Her second album, From My Heart, was also her first under the production of Allen Reynolds,[14][15] who is best known for his work with Crystal Gayle and Garth Brooks. Released in 1985, it produced the chart singles "It's Your Reputation Talkin'", "He Won't Give In", and "Heart of the Country", which peaked at numbers 34, 22, and 46 respectively on Hot Country Songs.[2] It also featured a cover of Elton John's "Ball and Chain", from his 1982 album Jump Up![15] Ruhlmann found this album superior to its predecessor, stating that Reynolds "seems to have shaped the song selections to the singer's talents and given her the opportunity to sing in a more individual manner."[15] A review of the album in Billboard was also positive, noting the "more focused direction and a simpler, purer sound".[14]

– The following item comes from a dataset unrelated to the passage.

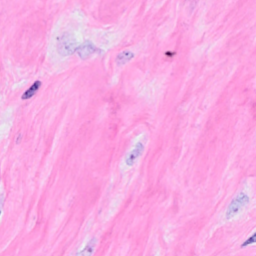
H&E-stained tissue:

1986–1990: Breakthrough[edit]

Mattea's artistic vision developed with the making of her third album, which brought in folk and acoustic sounds (inspired by her childhood).[16] Her third album, Walk the Way the Wind Blows (1986) was (according to AllMusic) "her breakthrough both critically and commercially".[1] Four singles were released from the album. First was "Love at the Five and Dime",[1] written and originally recorded by Nanci Griffith on her 1986 album The Last of the True Believers.[17] Following it was the title track, "You're the Power", and "Train of Memories". All four of these songs reached the top ten of the country music charts between 1986 and 1987.[2] Contributing musicians on Walk the Way the Wind Blows included Béla Fleck, Don Williams (who sang background vocals on "Love at the Five and Dime"), Wendy Waldman, and Vince Gill.[18] Billboard praised Walk the Way the Wind Blows as "Mattea's most country effort to date".[19] An un-credited review in Stereo Review (now Sound & Vision) stated that "if every country album were as tasteful and well executed as Walk the Way the Wind Blows...the reviewer's life would be a happy one indeed", while rating the performance and recording as "perfection".[20] Thom Jurek felt that the album's uptempo cuts were stronger than its ballads, noting that "Her ballad singing hadn't gotten to the place it did just three years later" while praising her performances on the more upbeat tracks and on "Love at the Five and Dime".[18]

An autographed photo of Mattea live in concert, 1989.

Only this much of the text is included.